14. The transparent mixture according to claim 2, wherein a glass transition temperature TgB of soft blocks (B/S)B of the block copolymer B is in the range from −65° to 0° C.

15. The transparent mixture according to claim 3, wherein a glass transition temperature TgB of soft blocks (B/S)B of the block copolymer B is in the range from −65° to 0° C.

16. The transparent mixture according to claim 2, wherein a number-average molar mass Mn of the block BA of the block copolymer A is in the range from 20 000 to 80 000 g/mol.

17. The transparent mixture according to claim 3, wherein a number-average molar mass Mn of the block BA of the block copolymer A is in the range from 20 000 to 80 000 g/mol.

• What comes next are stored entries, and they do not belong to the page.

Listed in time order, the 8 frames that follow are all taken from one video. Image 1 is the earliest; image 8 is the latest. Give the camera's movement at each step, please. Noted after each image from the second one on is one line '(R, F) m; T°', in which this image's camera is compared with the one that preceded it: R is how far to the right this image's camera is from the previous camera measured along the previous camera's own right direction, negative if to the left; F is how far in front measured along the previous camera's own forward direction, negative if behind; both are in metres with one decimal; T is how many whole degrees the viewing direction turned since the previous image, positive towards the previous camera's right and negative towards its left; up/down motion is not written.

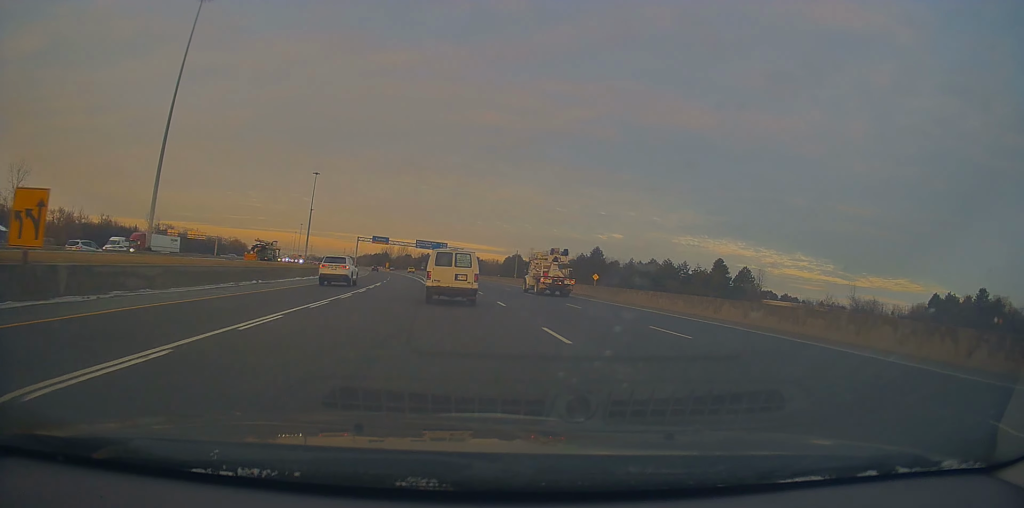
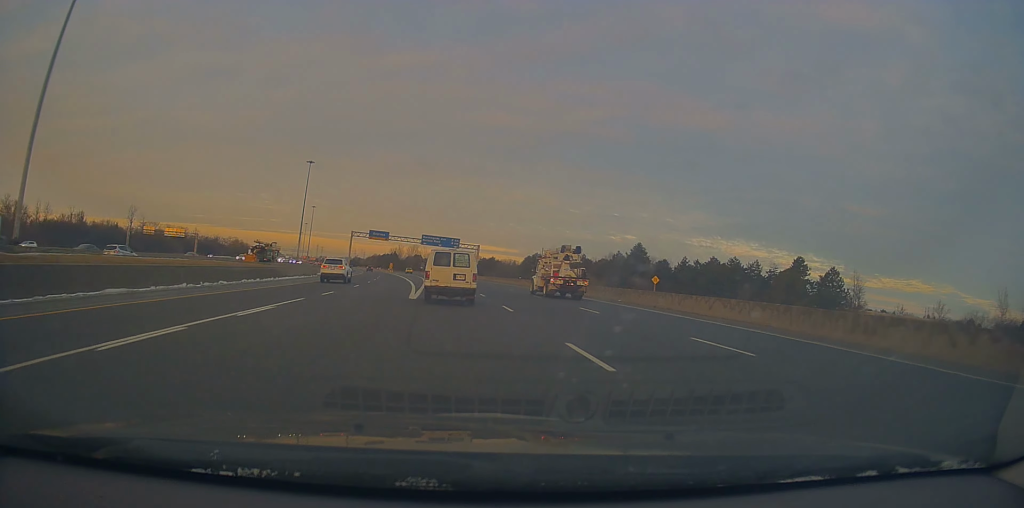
(-0.2, +27.5) m; -2°
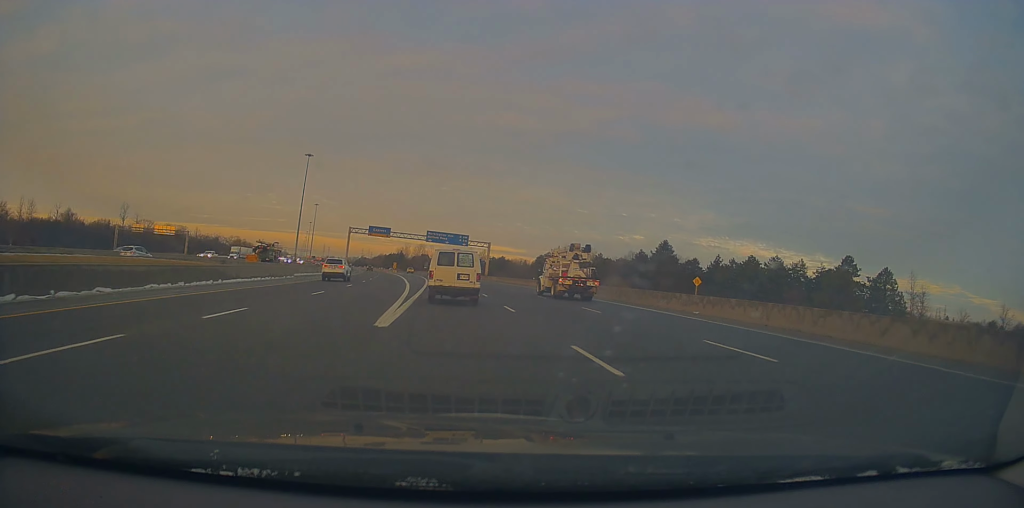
(0.0, +12.4) m; -1°
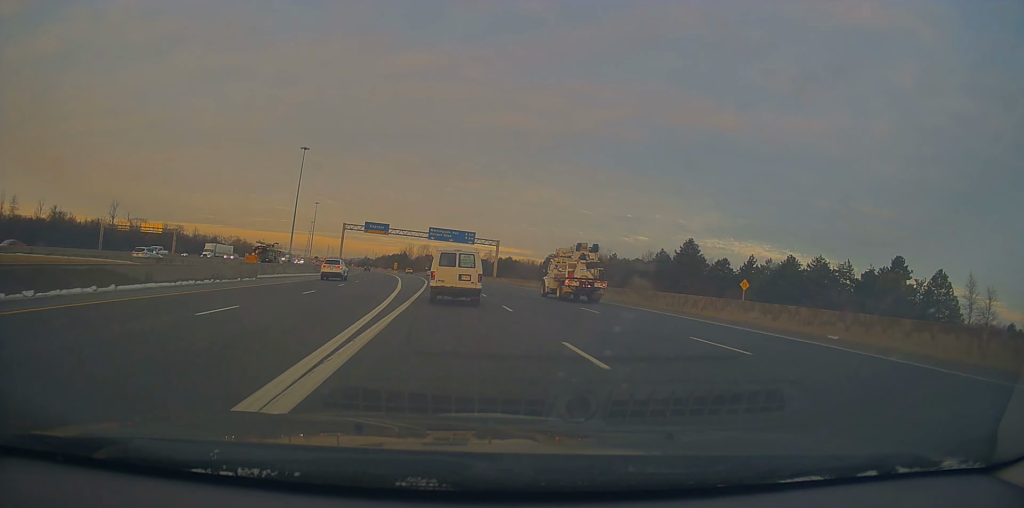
(-0.4, +11.5) m; -1°
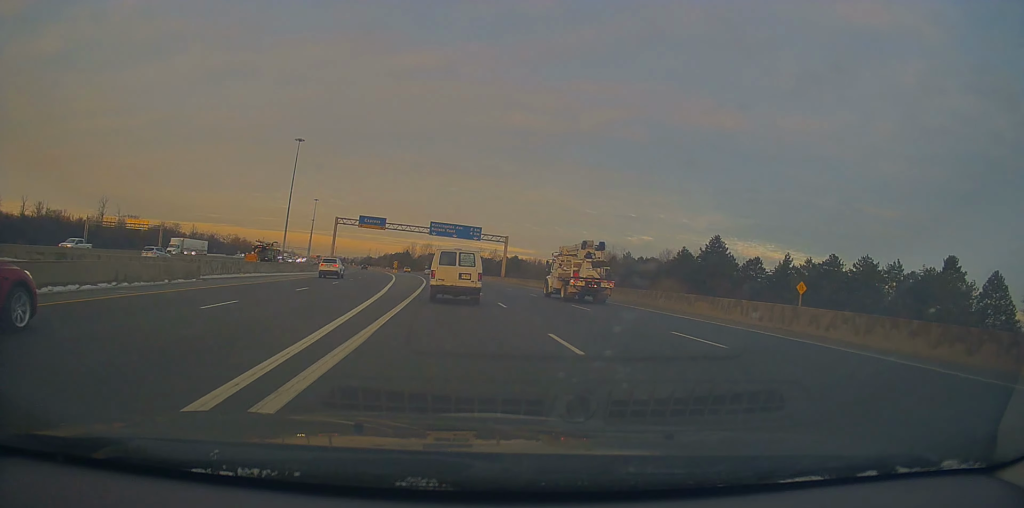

18. The transparent mixture according to claim 4, wherein a number-average molar mass Mn of the block BA of the block copolymer A is in the range from 20 000 to 80 000 g/mol.

19. The transparent mixture according to claim 2, wherein a number-average molar mass Mn of the block (B/S)B of the block copolymer B is in the range from 50 000 to 150 000 g/mol.

20. The transparent mixture according to claim 3, wherein a number-average molar mass Mn of the block (B/S)B of the block copolymer B is in the range from 50 000 to 150 000 g/mol.

21. The transparent mixture according to claim 2, which comprises c) from 25 to 55% by weight of polystyrene.

22. The transparent mixture according to claim 2, which comprises at least 40% by weight of polystyrene.